Something that I avoided in this tour until now was the use of an index. Let's create some indexes. And as the join is done via the column PZN let's create an index on this column in every table used in our tests:
MariaDB [TestCol]> create index pzn on TestSmall (pzn);
Query OK, 301036 rows affected (1.57 sec)
Records: 301036  Duplicates: 0  Warnings: 0

MariaDB [TestCol]> create index pzn on TestBig (pzn);
Query OK, 10000000 rows affected (1 min 19.46 sec)
Records: 10000000  Duplicates: 0  Warnings: 0

MariaDB [TestCol]> select count(*) from TestSmall A  join TestBig B on (A.PZN = B.PZN) where A.Hersteller = '08650' and B.Hersteller = '36440';
+----------+
| count(*) |
+----------+
|      112 |
+----------+
1 row in set (19.67 sec)

MariaDB [TestCol]> 

And now the same test for our engine:
MariaDB [TestCol]> create index pzn on TestMyCols1Small (pzn);
Query OK, 301036 rows affected (10.96 sec)
Records: 301036  Duplicates: 0  Warnings: 0

MariaDB [TestCol]> create index pzn on TestMyCols1Big (pzn);
Query OK, 10000000 rows affected (6 min 33.83 sec)
Records: 10000000  Duplicates: 0  Warnings: 0

MariaDB [TestCol]> select count(*) from TestMyCols1Small A  join TestMyCols1Big B on (A.PZN = B.PZN) where A.Hersteller = '08650' and B.Hersteller = '36440';
+----------+
| count(*) |
+----------+
|      112 |
+----------+
1 row in set (8.89 sec)
Looks good, a speed-up of a factor of approx. 2.
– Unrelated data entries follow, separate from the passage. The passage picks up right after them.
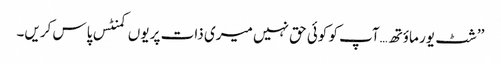
’’شٹ یور ماؤتھ…آپ کو کوئی حق نہیں میری ذات پر یوں کمنٹس پاس کریں۔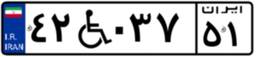
۴۷W۳۹۰۷۴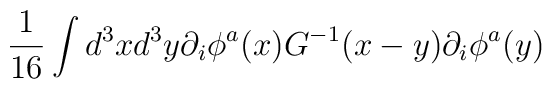
{1\over 16}\int d^{3}xd^{3}y\partial_i\phi^a(x)G^{-1}(x-y)\partial_i\phi^a(y)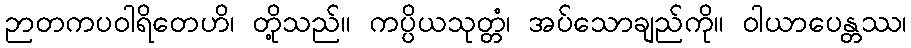
ဉာတကပဝါရိတေဟိ၊ တို့သည်။ ကပ္ပိယသုတ္တံ၊ အပ်သောချည်ကို။ ဝါယာပေန္တဿ၊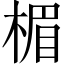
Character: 楣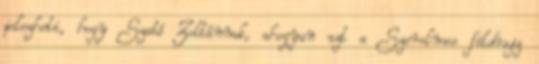
jelezheti, hogy Szabó Zoltánnak, ahogyan azt a Szerelmes földrajz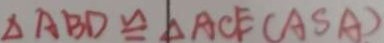
\Delta A B D \cong \Delta A C E ( A S A )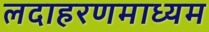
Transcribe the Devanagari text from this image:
लदाहरणमाध्यम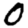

The usual way to improve the handling of a query is to create an index on the column where the filtering is done: Hersteller. OK let's do this:
MariaDB [TestCol]> create index hersteller on TestSmall (hersteller);
Query OK, 301036 rows affected (2.40 sec)
Records: 301036  Duplicates: 0  Warnings: 0

MariaDB [TestCol]> create index hersteller on TestBig (hersteller);
Query OK, 10000000 rows affected (2 min 15.97 sec)
Records: 10000000  Duplicates: 0  Warnings: 0

MariaDB [TestCol]> select count(*) from TestSmall where hersteller = '08650';
+----------+
| count(*) |
+----------+
|     1334 |
+----------+
1 row in set (0.01 sec)

MariaDB [TestCol]> select count(*) from TestBig where hersteller = '36440';
+----------+
| count(*) |
+----------+
|   315857 |
+----------+
1 row in set (0.58 sec)

MariaDB [TestCol]> select count(*) from TestSmall A  join TestBig B on (A.PZN = B.PZN) where A.Hersteller = '08650' and B.Hersteller = '36440';
+----------+
| count(*) |
+----------+
|      112 |
+----------+
1 row in set (0.06 sec)

MariaDB [TestCol]> 
OK, I will stop here, because I can't beat this value.